After nearly three years at the association, Chatterjee's high school dream came true: In 2009, he went to work in Senator McConnell's personal office as a legislative assistant. "It wasn't even really a transition, because he was fighting the same fights on behalf of the same people I had been working for at the association," Chatterjee recalls. He quickly rose through the ranks, earning a promotion to senior policy adviser in the leadership office the following year. He says he enjoys the constant challenge and fast pace of his current job, but above all, he tells me, he enjoys working closely with the majority leader. "He's the smartest person I know," Chatterjee says. "I can't quantify how much I've learned just from observing him in action."
—Clare Foran
IN THE TANKSCatrina RorkeR Street Institute
Catrina Rorke is director of energy policy at the R Street Institute. (Chet Susslin)
As the new director of energy policy at the R Street Institute, a conservative think tank, Catrina Rorke hopes to persuade fellow conservatives that a tax on carbon pollution is sound policy. She knows that particular effort will be an uphill climb.
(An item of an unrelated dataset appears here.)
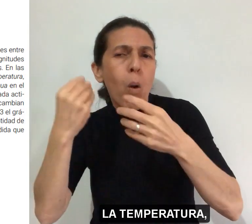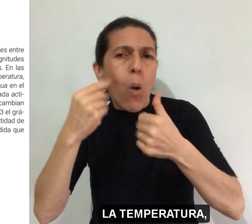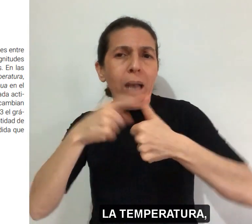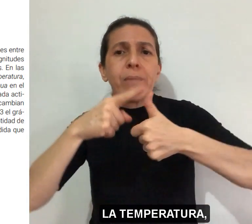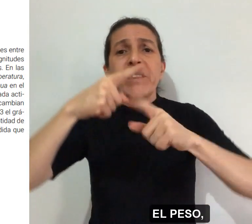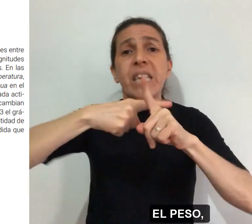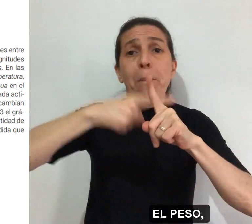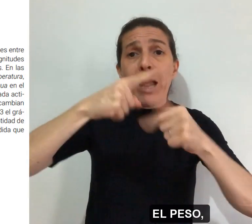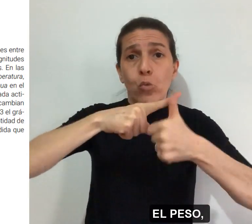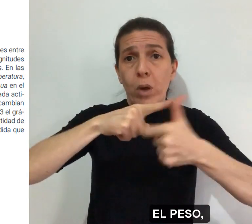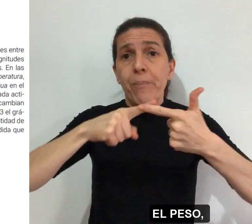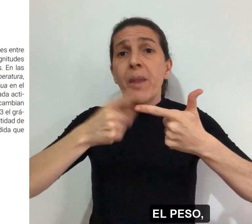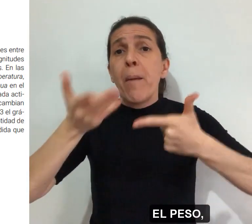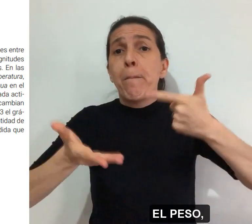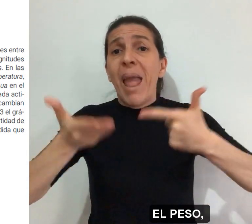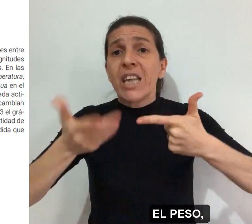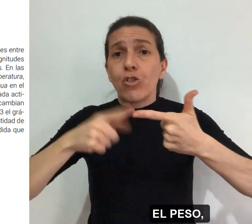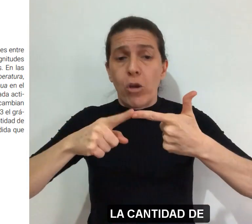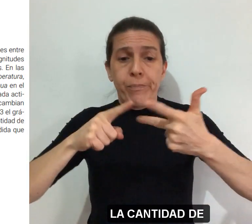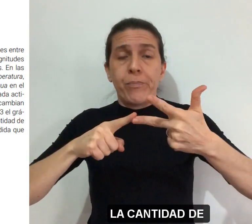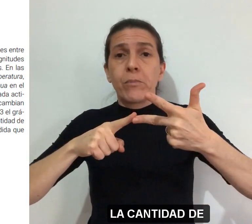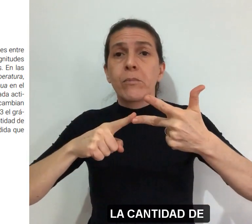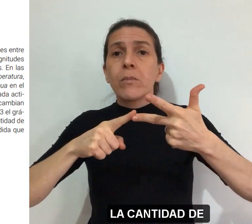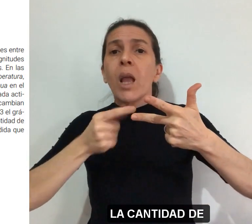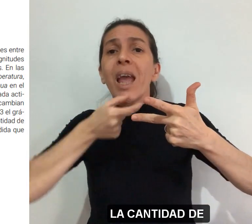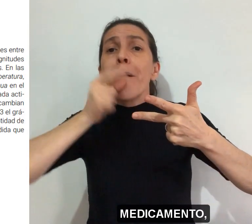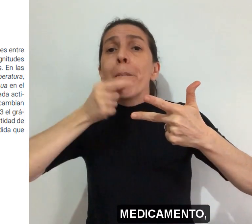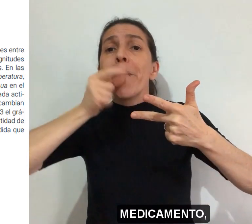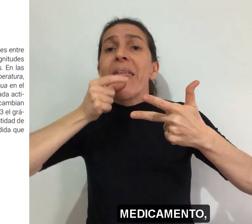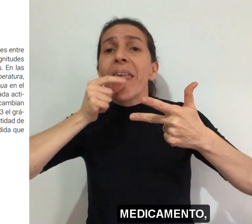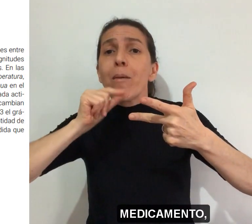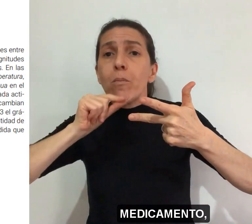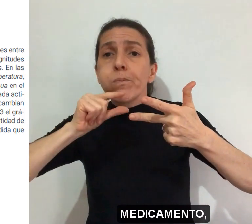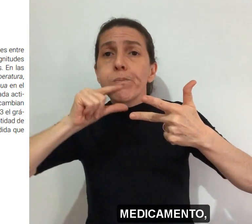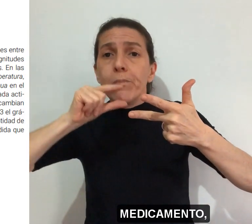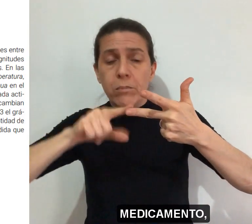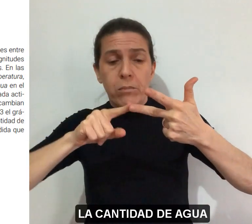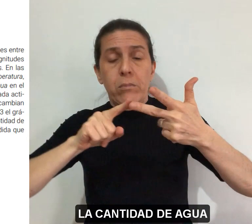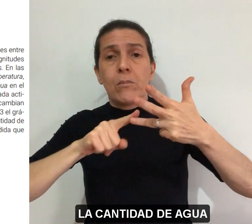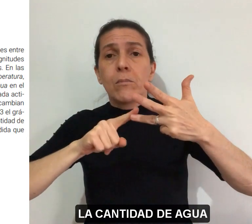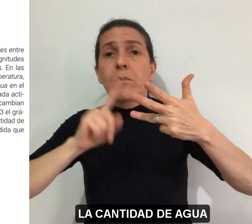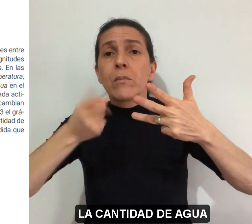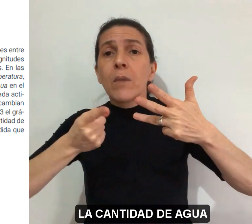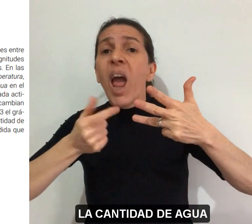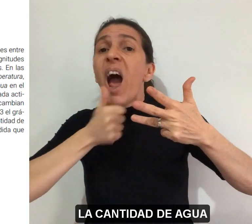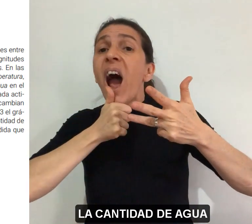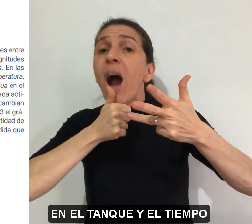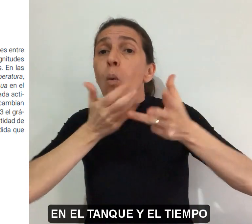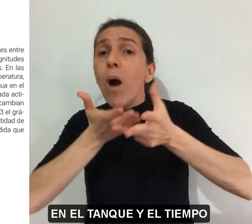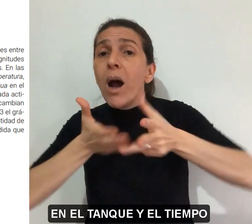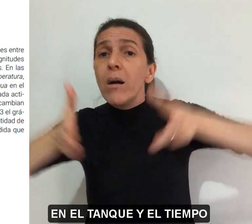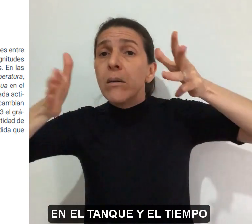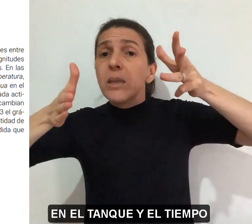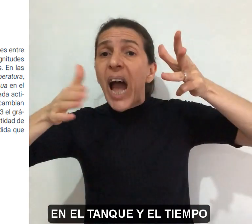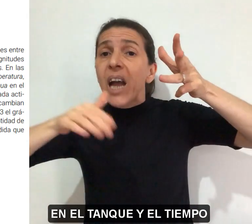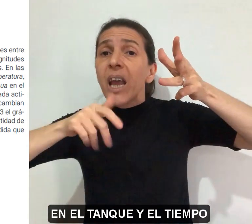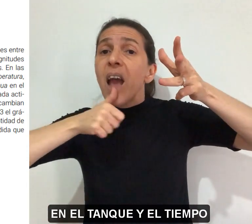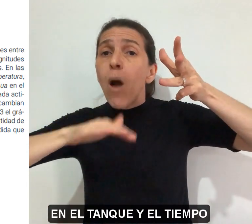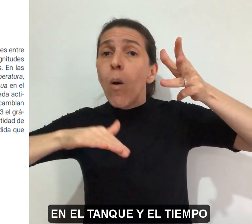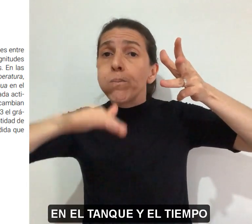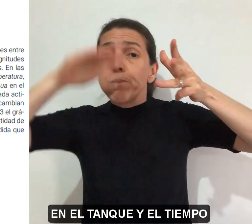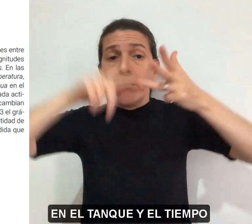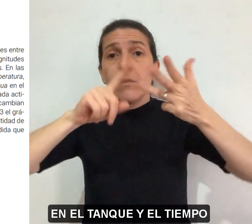el peso la cantidad de medicamento la cantidad de agua en el tanque

But Rorke, 30, a Long Island native whose parents are both nuclear engineers, tells me she will also be advocating for policies that enjoy significantly more support on the Right, including cutting regulatory red tape and increasing natural-gas exports. "A big part of what I'm going to do is find ways to identify R Street as conservative on energy," she says. "It's helpful to be able to tell our friends that we agree with them 99 percent of the time." Rorke, a graduate of the University of North Carolina at Chapel Hill and Columbia University, joined R Street in April, after nearly four years at the American Action Forum, a "center-right" policy research group.
—Clare Foran
INTEREST GROUPSSeth SteinLeague of Conservation Voters
Seth Stein is the national press secretary for the League of Conservation Voters. (Chet Susslin)
Last fall, Seth Stein was in Ithaca, New York, serving as a one-man communications shop for Democrat Martha Robertson, who was trying to unseat Republican Rep. Tom Reed. After Robertson lost the election, Stein "slept for two weeks" and set aside some time to assess his next steps. In April, he took a big one: He became national press secretary for the League of Conservation Voters, a political advocacy organization that supports candidates it perceives to be pro-environment. "I wanted something a little more stable," Stein says of his new post. But that wasn't the job's main selling point. "I get to work on the policy stuff and the election," he says. "So it's great. It appeals to both the things that I like." A native of Chicago, the 26-year-old says his new job is a homecoming of sorts. Back in 2010, he worked as canvass director for the Oregon chapter of LCV for a campaign season.
—Lucia Graves
INTEREST GROUPDiane RegasEnvironmental Defense Fund
Diane Regas is the executive director of the Environmental Defense Fund. (John Rae)
Everybody wants a clean environment, for now and to leave for our grandkids," says Diane Regas. "It's a shared value." This May, Regas became executive director of the Environmental Defense Fund, a global nonprofit dedicated to advancing environmental solutions. Her job, as she sees it, is to help establish the organization's vision and to "play a connecting role between EDF and others"—including businesses, government entities, and green groups—to further goals that range from curbing climate change to reducing pollution. Regas, who's been with EDF for nine years, was formerly senior vice president for programs there. Before that, the 53-year-old from Denver spent nearly 20 years at the Environmental Protection Agency. She has also served as an environmental policy adviser to President Clinton's Domestic Policy Council and she cochaired President George W. Bush's interagency task force on oceans. She says she has "a lot of respect" for people on both sides of the aisle "who are committed to making progress on the issues."